SARS-CoV-2 Nucleocapsid Protein Interacts with RIG-I and Represses RIG-Mediated IFN-β Production

• Published in: Viruses Vol. 13; no. 1; p. 47
• Main Authors: Chen, Keli, Xiao, Feng, Hu, Dingwen, Ge, Weiwei, Tian, Mingfu, Wang, Wenbiao, Pan, Pan, Wu, Kailang, Wu, Jianguo
• Format: Journal Article
• Language: English
• Published: Switzerland MDPI 30.12.2020; MDPI AG
• Subjects: A549 Cells; Animals; coronavirus disease 2019; COVID-19; COVID-19 - immunology; DEAD Box Protein 58 - genetics; DEAD Box Protein 58 - metabolism; HEK293 Cells; HeLa Cells; Host-Pathogen Interactions - immunology; Humans; interferon; Interferon-beta - metabolism; nucleocapsid; Nucleocapsid Proteins - metabolism; Protein Interaction Domains and Motifs; Receptors, Immunologic; SARS-CoV-2; SARS-CoV-2 - metabolism; severe acute respiratory syndrome coronavirus 2; Signal Transduction; COVID-19; IFN; nucleocapsid; retinoic acid-inducible gene I; SARS-CoV-2; severe acute respiratory syndrome coronavirus 2; coronavirus disease 2019; RIG-I; interferon
• ISSN: 1999-4915; 1999-4915
• DOI: 10.3390/v13010047

SARS-CoV-2 is highly pathogenic in humans and poses a great threat to public health worldwide.
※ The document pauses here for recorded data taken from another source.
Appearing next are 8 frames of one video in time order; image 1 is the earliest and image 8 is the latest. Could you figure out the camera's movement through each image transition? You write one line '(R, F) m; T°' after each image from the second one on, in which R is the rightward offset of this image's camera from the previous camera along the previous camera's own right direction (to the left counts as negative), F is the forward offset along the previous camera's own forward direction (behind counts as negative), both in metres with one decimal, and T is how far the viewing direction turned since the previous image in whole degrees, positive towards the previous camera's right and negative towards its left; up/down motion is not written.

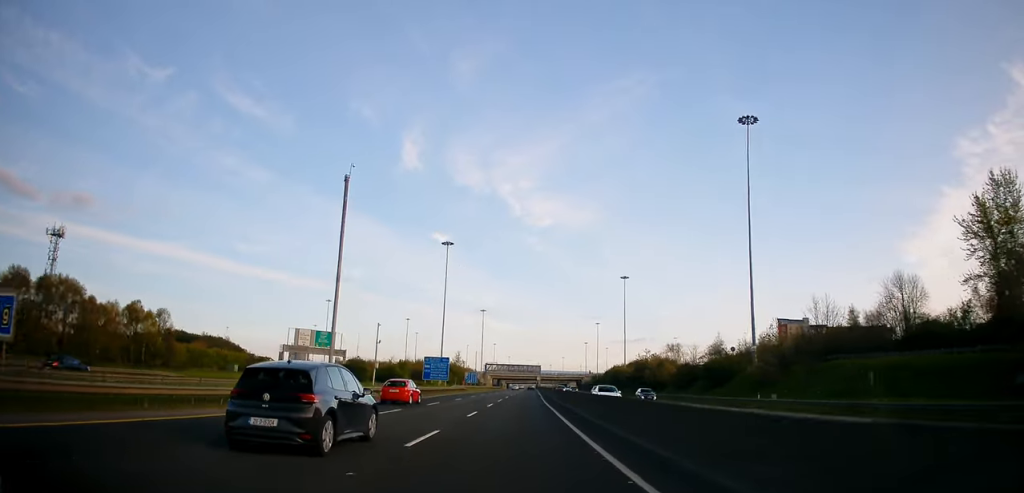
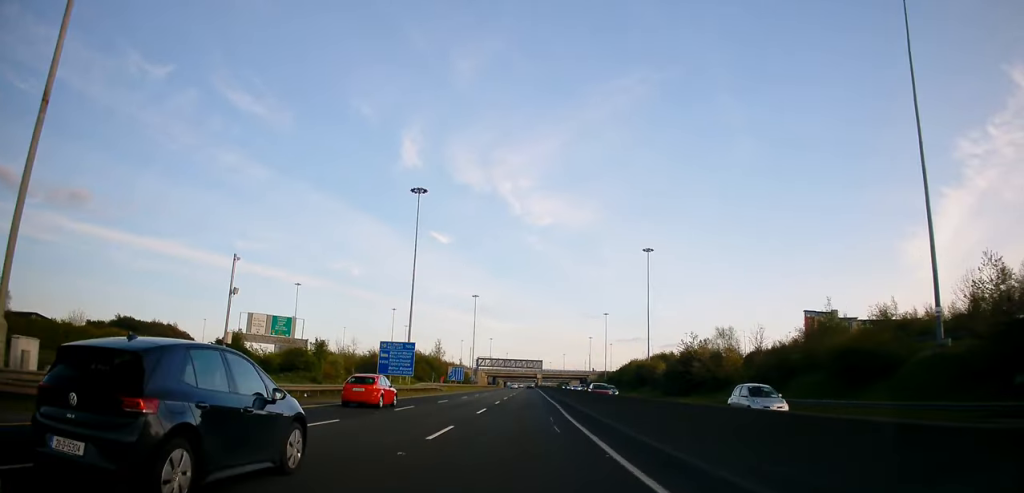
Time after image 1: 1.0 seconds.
(-0.2, +33.7) m; 0°
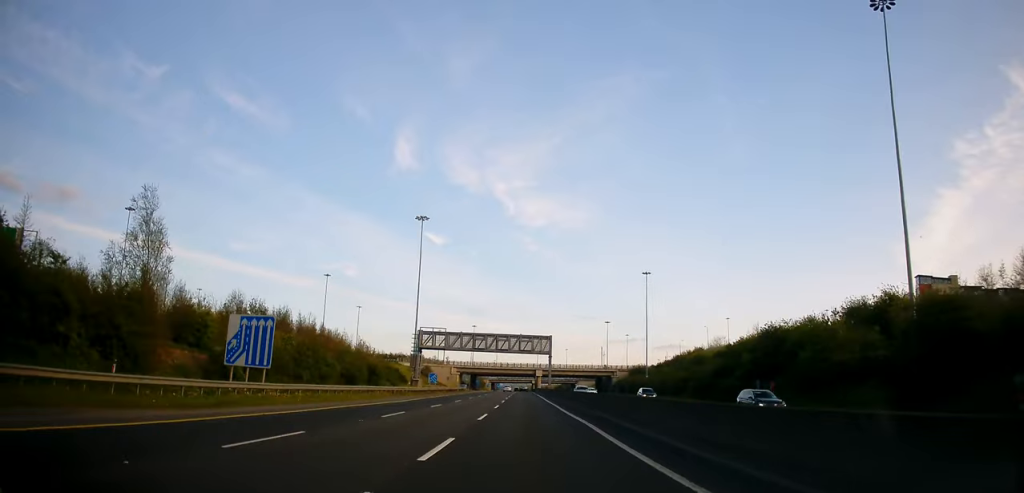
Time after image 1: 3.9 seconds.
(+1.2, +97.0) m; +1°
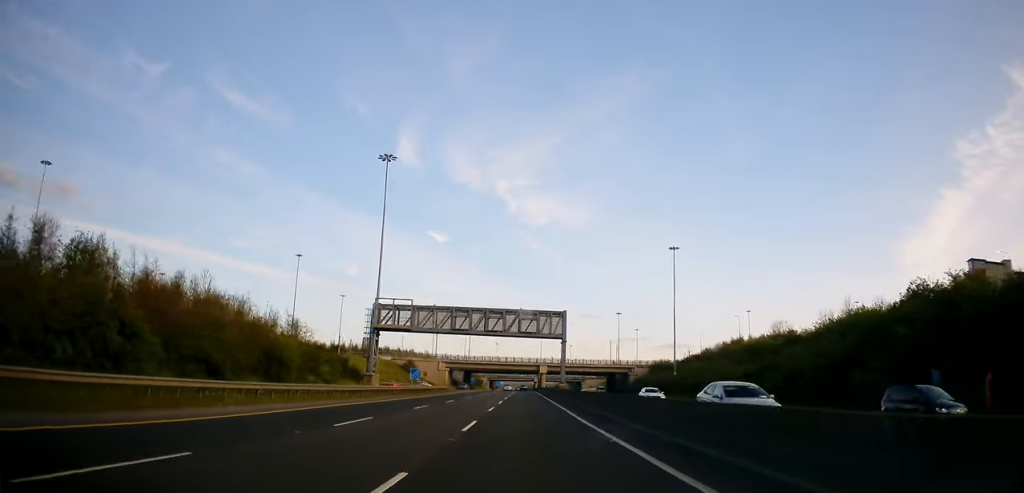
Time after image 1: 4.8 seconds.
(-0.1, +29.5) m; 0°
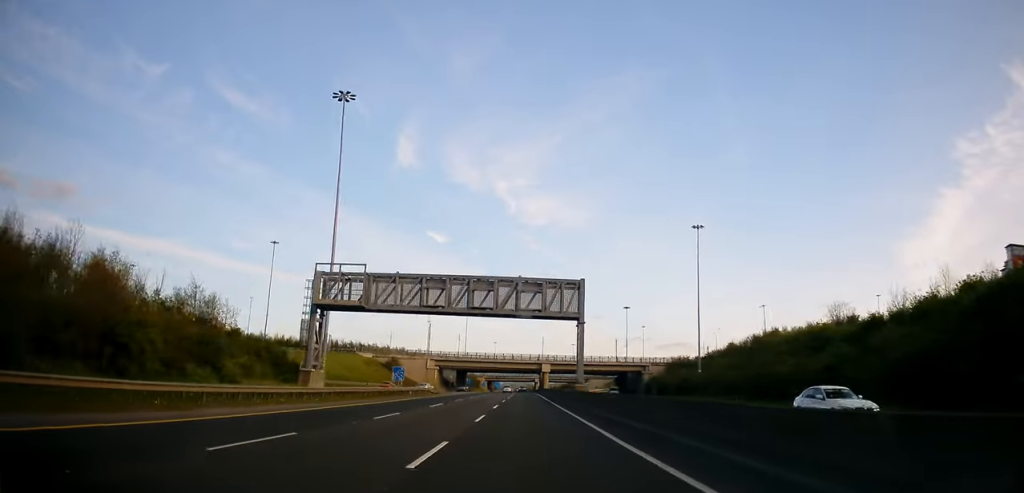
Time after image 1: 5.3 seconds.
(0.0, +18.7) m; 0°
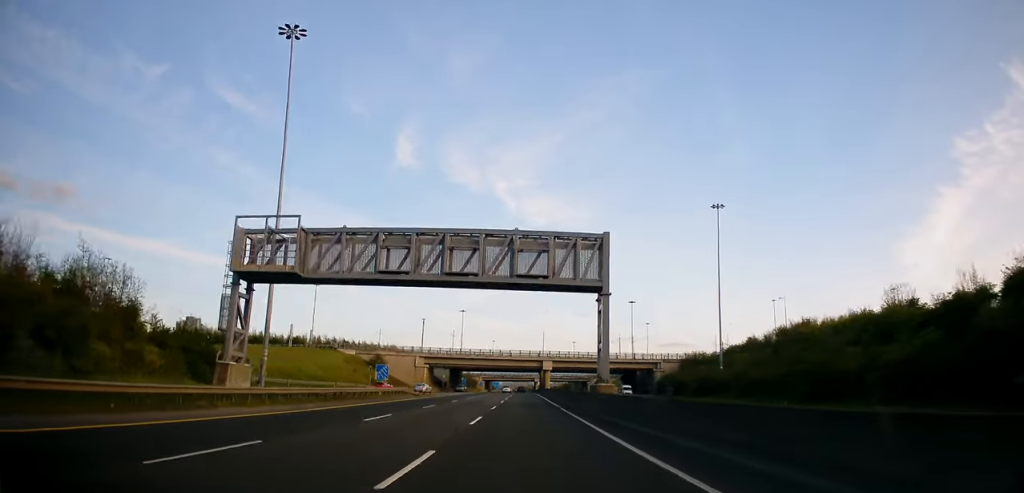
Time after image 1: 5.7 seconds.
(0.0, +13.4) m; 0°
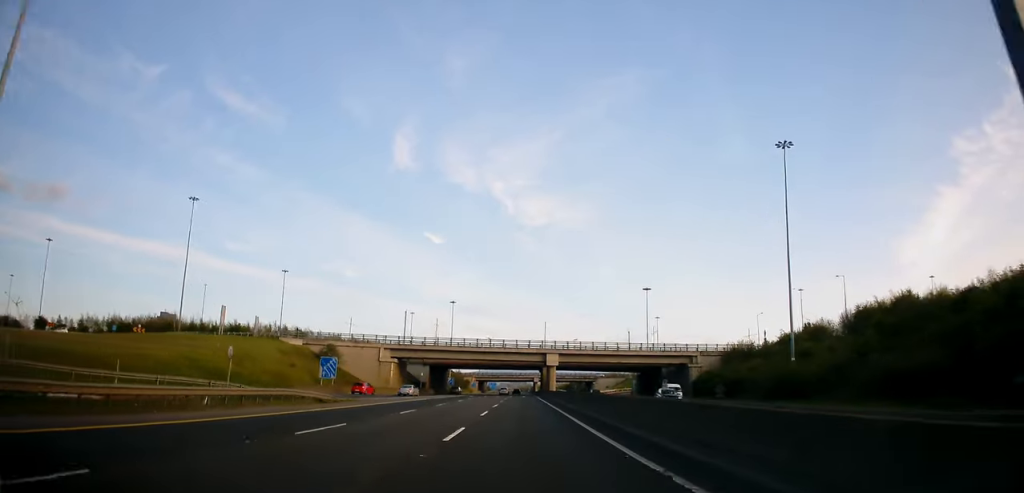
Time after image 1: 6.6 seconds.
(0.0, +29.4) m; 0°
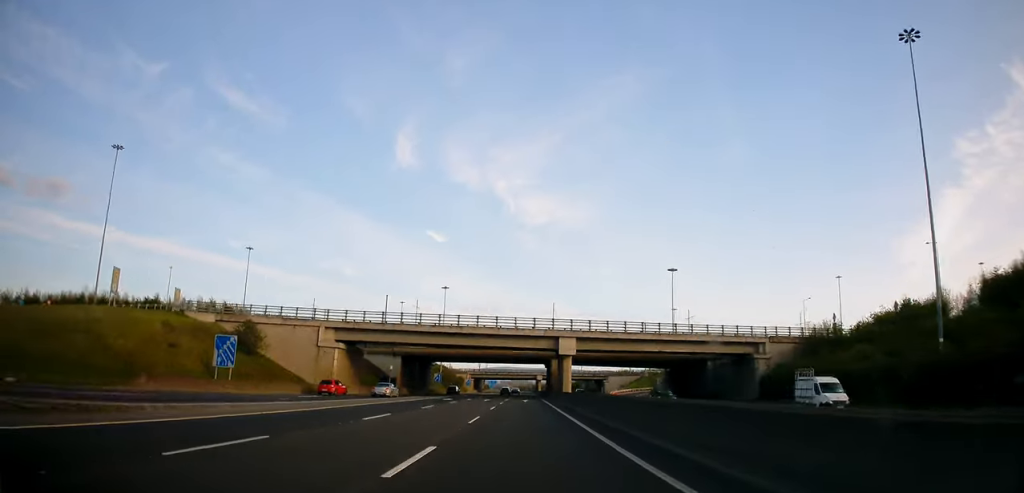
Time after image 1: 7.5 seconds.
(+0.1, +29.5) m; 0°

Clinical data shows a disturbed type I interferon (IFN) response during the virus infection. In this study, we discovered that the nucleocapsid (N) protein of SARS-CoV-2 plays an important role in the inhibition of interferon beta (IFN-β) production. N protein repressed IFN-β production induced by poly(I:C) or upon Sendai virus (SeV) infection. We noted that N protein also suppressed IFN-β production, induced by several signaling molecules downstream of the retinoic acid-inducible gene I (RIG-I) pathway, which is the crucial pattern recognition receptor (PRR) responsible for identifying RNA viruses. Moreover, our data demonstrated that N protein interacted with the RIG-I protein through the DExD/H domain, which has ATPase activity and plays an important role in the binding of immunostimulatory RNAs. These results suggested that SARS-CoV-2 N protein suppresses the IFN-β response through targeting the initial step, potentially the cellular PRR-RNA-recognition step in the innate immune pathway. Therefore, we propose that the SARS-CoV-2 N protein represses IFN-β production by interfering with RIG-I.